> _Your instructions_:
Repeat the data in full and exactly. Leave the pictures out.

Stored items

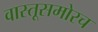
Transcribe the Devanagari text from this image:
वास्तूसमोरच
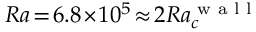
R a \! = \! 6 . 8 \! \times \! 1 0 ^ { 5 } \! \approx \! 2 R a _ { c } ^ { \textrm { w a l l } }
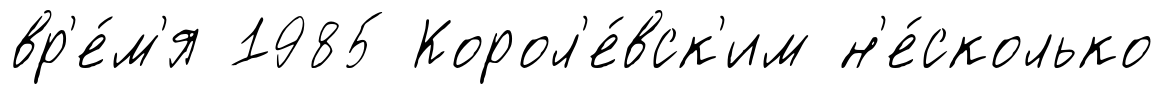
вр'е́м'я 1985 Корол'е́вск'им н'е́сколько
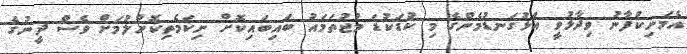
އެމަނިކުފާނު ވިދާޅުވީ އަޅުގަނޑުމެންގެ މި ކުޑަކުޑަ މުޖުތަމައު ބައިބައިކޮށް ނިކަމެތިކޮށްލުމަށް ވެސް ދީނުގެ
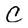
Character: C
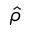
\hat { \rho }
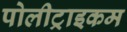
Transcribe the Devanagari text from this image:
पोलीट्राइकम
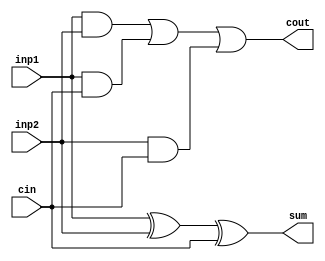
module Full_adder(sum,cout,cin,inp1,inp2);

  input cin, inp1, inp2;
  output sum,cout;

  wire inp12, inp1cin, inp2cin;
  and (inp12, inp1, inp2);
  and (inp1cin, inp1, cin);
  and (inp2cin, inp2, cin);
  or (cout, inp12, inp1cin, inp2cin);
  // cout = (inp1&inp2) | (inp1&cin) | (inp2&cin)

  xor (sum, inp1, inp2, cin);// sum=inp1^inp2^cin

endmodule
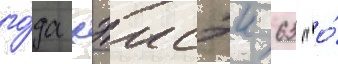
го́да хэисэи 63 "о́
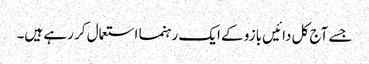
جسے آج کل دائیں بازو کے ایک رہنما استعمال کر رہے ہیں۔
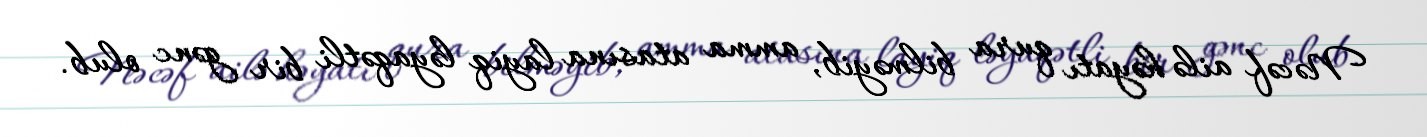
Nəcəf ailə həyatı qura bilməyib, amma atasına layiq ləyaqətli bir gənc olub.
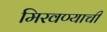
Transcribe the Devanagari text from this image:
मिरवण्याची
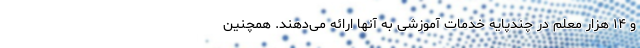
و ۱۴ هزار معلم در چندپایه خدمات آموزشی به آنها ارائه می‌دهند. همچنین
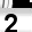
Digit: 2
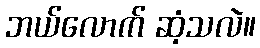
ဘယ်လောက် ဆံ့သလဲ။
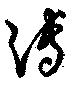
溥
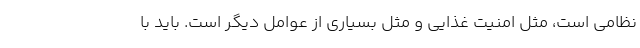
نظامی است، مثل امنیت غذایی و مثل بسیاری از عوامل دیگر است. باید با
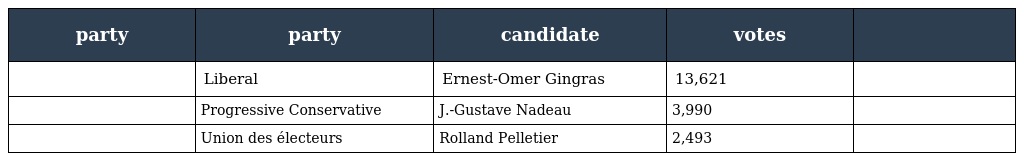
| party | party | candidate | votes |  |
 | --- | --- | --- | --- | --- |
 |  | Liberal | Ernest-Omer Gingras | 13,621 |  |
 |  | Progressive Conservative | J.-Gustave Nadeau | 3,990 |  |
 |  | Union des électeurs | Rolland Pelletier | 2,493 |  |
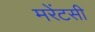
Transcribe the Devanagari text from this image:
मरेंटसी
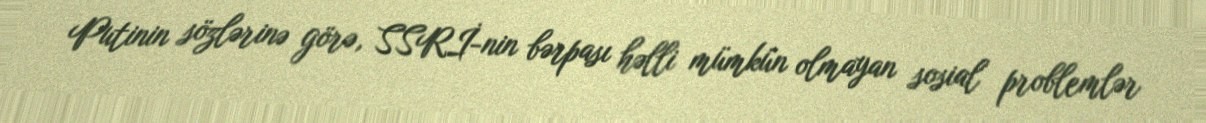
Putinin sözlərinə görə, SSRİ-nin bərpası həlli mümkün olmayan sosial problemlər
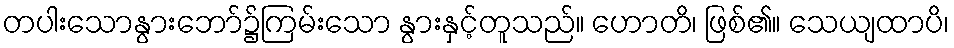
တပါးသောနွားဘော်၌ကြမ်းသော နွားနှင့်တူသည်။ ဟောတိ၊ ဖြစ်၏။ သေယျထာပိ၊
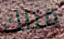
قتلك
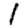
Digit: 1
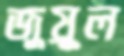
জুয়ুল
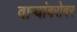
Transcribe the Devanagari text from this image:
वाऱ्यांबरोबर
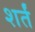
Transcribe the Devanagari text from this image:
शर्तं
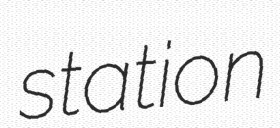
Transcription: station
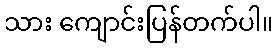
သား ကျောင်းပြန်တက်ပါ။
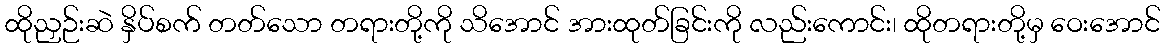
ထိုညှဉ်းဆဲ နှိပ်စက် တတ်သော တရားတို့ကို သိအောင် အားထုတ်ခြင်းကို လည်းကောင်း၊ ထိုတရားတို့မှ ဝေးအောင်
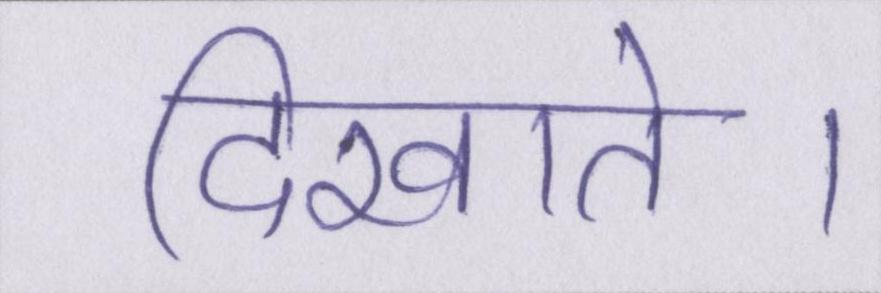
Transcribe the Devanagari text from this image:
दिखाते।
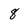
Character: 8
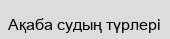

> _Response_:
Transcribe the Devanagari text from this image:
वास्तूसमोरच
R a \! = \! 6 . 8 \! \times \! 1 0 ^ { 5 } \! \approx \! 2 R a _ { c } ^ { \textrm { w a l l } }
вр'е́м'я 1985 Корол'е́вск'им н'е́сколько
އެމަނިކުފާނު ވިދާޅުވީ އަޅުގަނޑުމެންގެ މި ކުޑަކުޑަ މުޖުތަމައު ބައިބައިކޮށް ނިކަމެތިކޮށްލުމަށް ވެސް ދީނުގެ
Character: C
\hat { \rho }
Transcribe the Devanagari text from this image:
पोलीट्राइकम
module Full_adder(sum,cout,cin,inp1,inp2);

  input cin, inp1, inp2;
  output sum,cout;

  wire inp12, inp1cin, inp2cin;
  and (inp12, inp1, inp2);
  and (inp1cin, inp1, cin);
  and (inp2cin, inp2, cin);
  or (cout, inp12, inp1cin, inp2cin);
  // cout = (inp1&inp2) | (inp1&cin) | (inp2&cin)

  xor (sum, inp1, inp2, cin);// sum=inp1^inp2^cin

endmodule
го́да хэисэи 63 "о́
جسے آج کل دائیں بازو کے ایک رہنما استعمال کر رہے ہیں۔
Nəcəf ailə həyatı qura bilməyib, amma atasına layiq ləyaqətli bir gənc olub.
Transcribe the Devanagari text from this image:
मिरवण्याची
و ۱۴ هزار معلم در چندپایه خدمات آموزشی به آنها ارائه می‌دهند. همچنین
Digit: 2
ဘယ်လောက် ဆံ့သလဲ။
溥
نظامی است، مثل امنیت غذایی و مثل بسیاری از عوامل دیگر است. باید با
| party | party | candidate | votes |  |
 | --- | --- | --- | --- | --- |
 |  | Liberal | Ernest-Omer Gingras | 13,621 |  |
 |  | Progressive Conservative | J.-Gustave Nadeau | 3,990 |  |
 |  | Union des électeurs | Rolland Pelletier | 2,493 |  |
Transcribe the Devanagari text from this image:
मरेंटसी
Putinin sözlərinə görə, SSRİ-nin bərpası həlli mümkün olmayan sosial problemlər
တပါးသောနွားဘော်၌ကြမ်းသော နွားနှင့်တူသည်။ ဟောတိ၊ ဖြစ်၏။ သေယျထာပိ၊
قتلك
Digit: 1
জুয়ুল
Transcribe the Devanagari text from this image:
वाऱ्यांबरोबर
Transcribe the Devanagari text from this image:
शर्तं
Transcription: station
သား ကျောင်းပြန်တက်ပါ။
ထိုညှဉ်းဆဲ နှိပ်စက် တတ်သော တရားတို့ကို သိအောင် အားထုတ်ခြင်းကို လည်းကောင်း၊ ထိုတရားတို့မှ ဝေးအောင်
Transcribe the Devanagari text from this image:
दिखाते।
Character: 8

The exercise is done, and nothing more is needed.